Advances in programmable DNA nanostructures enabling stimuli-responsive drug delivery and multimodal biosensing

Abstract

Recent advancements in DNA nanotechnology have unlocked unprecedented opportunities to address critical challenges in precision medicine, particularly in targeted drug delivery and biomedical imaging. Conventional nanocarriers often suffer from poor spatiotemporal control, suboptimal tumor accumulation, and non-specific biodistribution. To overcome these limitations, DNA-engineered nanostructures—including tile-based assemblies, origami frameworks, spherical nucleic acids, and stimuli-responsive hydrogels—have emerged as programmable platforms capable of dynamically responding to tumor microenvironmental cues (e.g., pH, enzymatic activity, redox gradients) for triggered drug release. In this review, we comprehensively analyze these architectures with emphasis on their modular design strategies, in vivo stability improvements via polyethylene glycol (PEG) functionalization, and multi-ligand targeting capabilities against cancer-specific biomarkers.

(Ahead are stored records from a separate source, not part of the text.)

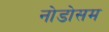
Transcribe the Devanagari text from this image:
नोडोसम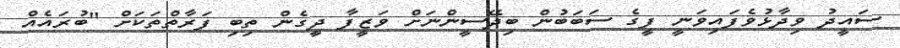
ސައީދު ވިދާޅުވެފައިވަނީ ފީގެ ސަބަބުން ބިދޭސީންނަށް ވަޒީފާ ދީގެން ތިބި ފަރާތްތަކަށް "ބުރައެއް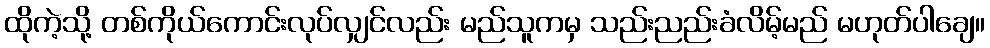
ထိုကဲ့သို့ တစ်ကိုယ်ကောင်းလုပ်လျှင်လည်း မည်သူကမှ သည်းညည်းခံလိမ့်မည် မဟုတ်ပါချေ။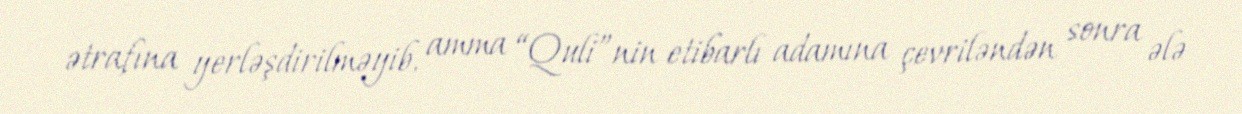
ətrafına yerləşdirilməyib, amma “Quli”nin etibarlı adamına çevriləndən sonra ələ
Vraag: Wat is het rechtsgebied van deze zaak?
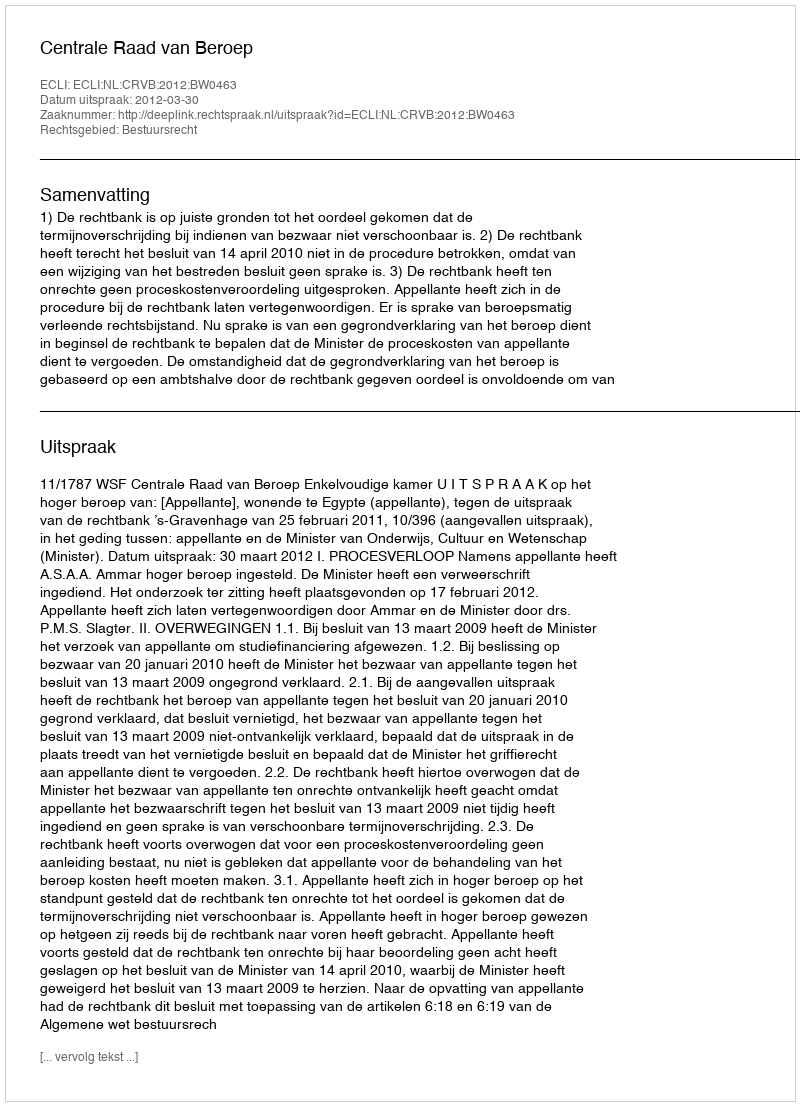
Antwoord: Bestuursrecht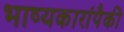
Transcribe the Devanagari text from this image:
भाष्यकारांपैकी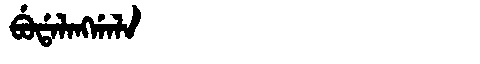
Manchu: ᠪᡠᡩᠠᠯᠠᠩᡤᠠᠯᠠ
Romanization: BUDALANGGALA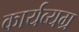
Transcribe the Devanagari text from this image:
कार्यव्यग्र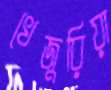
খেজুরিয়া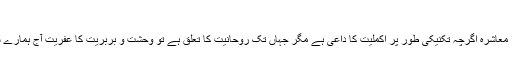
صفحہ ۱۲ )
تہذیبی اعتبار سے ہمارا معاشرہ اگرچہ تکنیکی طور پر اکملیت کا داعی ہے مگر جہاں تک روحانیت کا تعلق ہے تو وحشت و بربریت کا عفریت آج ہمارے سروں پر منڈلا رہا ہے۔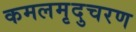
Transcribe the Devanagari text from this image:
कमलमृदुचरण
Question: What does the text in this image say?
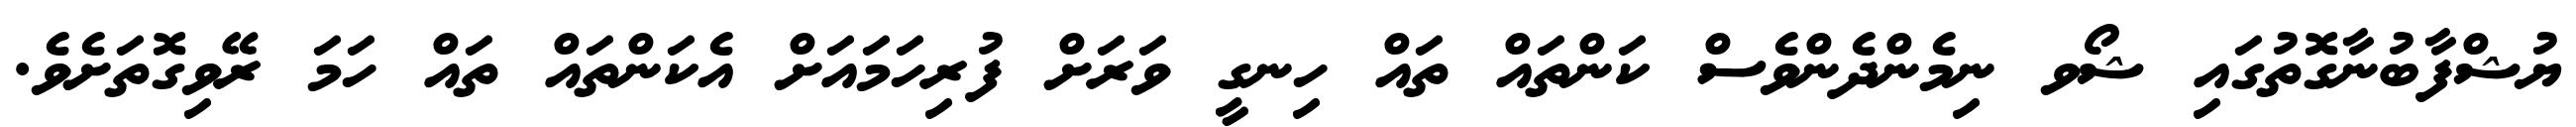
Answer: ޔުޝްފާބުނާގޮތުގައި ޝޯވ ނިމެންދެންވެސް ކަންތައް ތައް ހިނގީ ވަރަށް ފުރިހަމައަށް އެކަންތައް ތައް ހަމަ ރޭވިގޮތަށެވެ.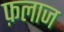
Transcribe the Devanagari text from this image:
फ़लाज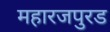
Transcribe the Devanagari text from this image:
महारजपुरड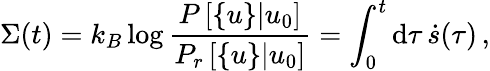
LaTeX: \Sigma(t)=k_{B}\log\frac{P\left[\{ u\} |u_{0}\right]}{P_{r}\left[\{ u\} |u_{0}\right]}=\int_{0}^{t}\mathrm{d}\tau\, \dot{s}(\tau)\, ,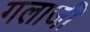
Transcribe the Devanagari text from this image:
गलाजी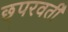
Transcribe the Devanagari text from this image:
छ्परवर्ती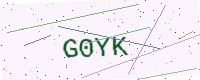
Text: G0YK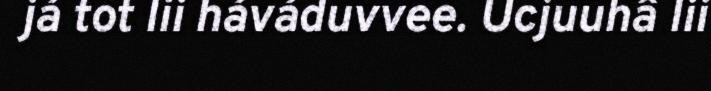
já tot lii háváduvvee. Ucjuuhâ lii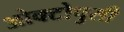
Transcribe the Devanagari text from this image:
ओक्टोपुसी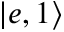
\left| e , 1 \right\rangle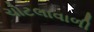
ચોટલાવાળી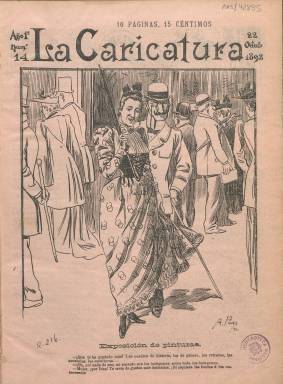
Título: La Caricatura (Madrid. 1892)
Colección: Revistas satíricas y humorísticas
Ámbito geográfico: Madrid
Lugar de publicación: Madrid
Fechas: 22/10/1892-12/11/1893

Revista semanal ilustrada de carácter humorístico y festivo, “obra de una bien conjuntada pareja de excelentes periodistas” (Gómez Aparicio: 1971), formada por el dibujante Ángel Gutiérrez Pons, como director artístico, y, el también dramaturgo, Francisco Serrano de la Pedrosa (-1926), como responsable literario. El primero sintetizó su firma en A. Pons, no sólo en ésta sino en otras revistas satíricas y en los diarios donde colaboró, mientras que el segundo utilizará también el seudónimo Cabezudo. La Caricatura hizo su primera entrega el siete de mayo de 1892, y la última es la número 69, correspondiente al doce de noviembre de 1893, por lo que su existencia se redujo prácticamente a un año y medio. A juicio de Gómez Aparicio, “su desenfado, siempre dentro de un cuidadoso apoliticismo”, inundará muchas veces los terrenos de “una audaz picardía”, aspecto este que se observa no sólo en algún texto sino especialmente en las figuras femeninas que aparecerán dibujadas “ligeras de ropa”.

A partir del 22 de octubre, con el número 14 (con el que también comienza la colección de la Biblioteca Nacional de España), multiplica sus páginas, de cuatro a dieciséis, al tiempo que reduce su tamaño y las columnas disminuyen de cuatro a tres. También irá variando su diseño, incluido el de su cabecera, y a partir del primero de octubre de 1893 (número 63), vuelve a reducir su formato y el número de columnas de sus páginas (ahora compuestas a una o dos). Aunque su primera etapa estuvo casi exclusivamente dedicada al grafismo y a la inserción de breves artículos humorísticos y satíricos, a partir del citado número 14 aumenta la parte literaria con unos textos que, a juicio de Celma Varelo (1991), resultan “intrascendentes”, siendo el propósito de la revista el de “entretener y divertir”. Durante el mes de mayo de 1893 (números 42 a 45) las entregas son de mayor paginación, entre la veintena y las 36.

Aun así, tanto en la citada entrega 14 (en la que aparecerá ya indicado Ángel Pons como director artístico) como en la siguiente da cuenta de una larga lista de más de una treintena de colaboradores literarios, entre los que se encuentran Leopoldo Alas (Clarín), Mariano de Cavia, Sinesio Delgado, Joaquín Dicenta, José María Esbrí, José Estrañi, José Estremera, José Francos Rodríguez, Manuel Matóses, José Ortega Munilla, Eduardo y Manuel de Palacio, Jacinto Octavio Picón, Salvador Rueda, Antonio Sánchez Pérez, Luis Taboada o Pedro Bofill.

La revista empezó saliendo los sábados y después los domingos, estampada en la litografía de Méndez y en la imprenta de Enrique F. de Rojas, apareciendo indicado como administrador Ramón Millet. En su número 54, de 30 de julio de 1893, se señala como sus propietarios y editores a los de la madrileña imprenta y litografía Aleu y Compañía, a partir del cual se produce un nuevo cambio en la revista y comienzan a aparecer las firmas de jóvenes escritores como nuevos colaboradores, entre los que se encuentran Enrique Paradas, Miguel Sawa, Leopoldo Cano, Pedro Barrantes o Manuel Machado, apareciendo también dibujos de A. Abreu (A.A.). Otros seudónimos que firmarán sus textos son Varapalos o Palmerín de Oliva.

Los contenidos de cada entrega se reparten casi a partes iguales entre decenas de fotograbados (chistes gráficos, caricaturas, tiras o historietas cómicas, con sus correspondientes pies), cuya autoría corresponde casi en su totalidad a A. Pons, y a veces a Rojas (que firma también con la inicial R.), y los textos (artículos, relatos o poemas), algunos de cuyos contenidos van insertos en secciones propias. Así, en la sección Los nombres del día, Pons dibuja retratos de personajes célebres; en la sección Humoristas se reproducen poemas o breves narraciones de carácter sarcástico de autores clásicos; bajo el epígrafe La semana, se publican comentarios sobre la actualidad, firmados por Serrano de la Pedrosa, Eduardo de Palacio o más adelante bajo el seudónimo Tablante de Ricamonte, que Domingo Paniagua atribuirá a los hermanos Manuel y Antonio Machado. El primero usará también el de Polilla y, el segundo, el de A. Cabellera. Estos textos serían pues las primeras colaboraciones en prensa de ambos literatos. Asimismo, se publican unas Gacetillas teatrales y artículos que podrían calificarse de fondo, de Andrés Mellado, Silverio Lanza o el citado Ortega Munilla, textos estos de crítica de costumbres, de tipos o de instituciones, como también lo son los que publica Clarín en la sección Paliques. Asimismo, incluirá textos traducidos de creación literaria, como son unos cuentos franceses. Cuenta también con abundante publicidad comercial en su última plana, introduciendo los anuncios en verso. Cuando Pons es nombrado director artístico de La Correspondencia de España (1859-1925) la revista deja de publicarse. Con este mismo título –La Caricatura– el dibujante Eduardo Sáenz Hermúa (Mecachis) había dirigido previamente, entre 1884-1887, otro semanario igualmente humorístico, que también forma parte de la colección de la Biblioteca Nacional de España.

In addition to therapeutic uses, these nanostructures also enable highly sensitive detection of circulating tumor DNA and exosomes using fluorescence resonance energy transfer (FRET) probes, electrochemiluminescence amplification circuits, SERS substrates, and cell variable region sensing technology. They also allow for real-time monitoring of dynamic intercellular interactions, overcoming the constraints of traditional sensing methods. This review systematically elaborates on the structural characteristics of DNA assemblies and summarizes the innovative applications of these nanostructures in multimodal detection, offering a more comprehensive perspective for early cancer diagnosis and precision treatment. Despite promising preclinical results, key translational challenges persist, including scalable manufacturing bottlenecks, immune compatibility optimization, and rigorous assessment of long-term nanotoxicity. Future integration with artificial intelligence-driven design tools may catalyze the development of next-generation theranostic nanodevices, ultimately bridging the gap between synthetic biology and clinical oncology.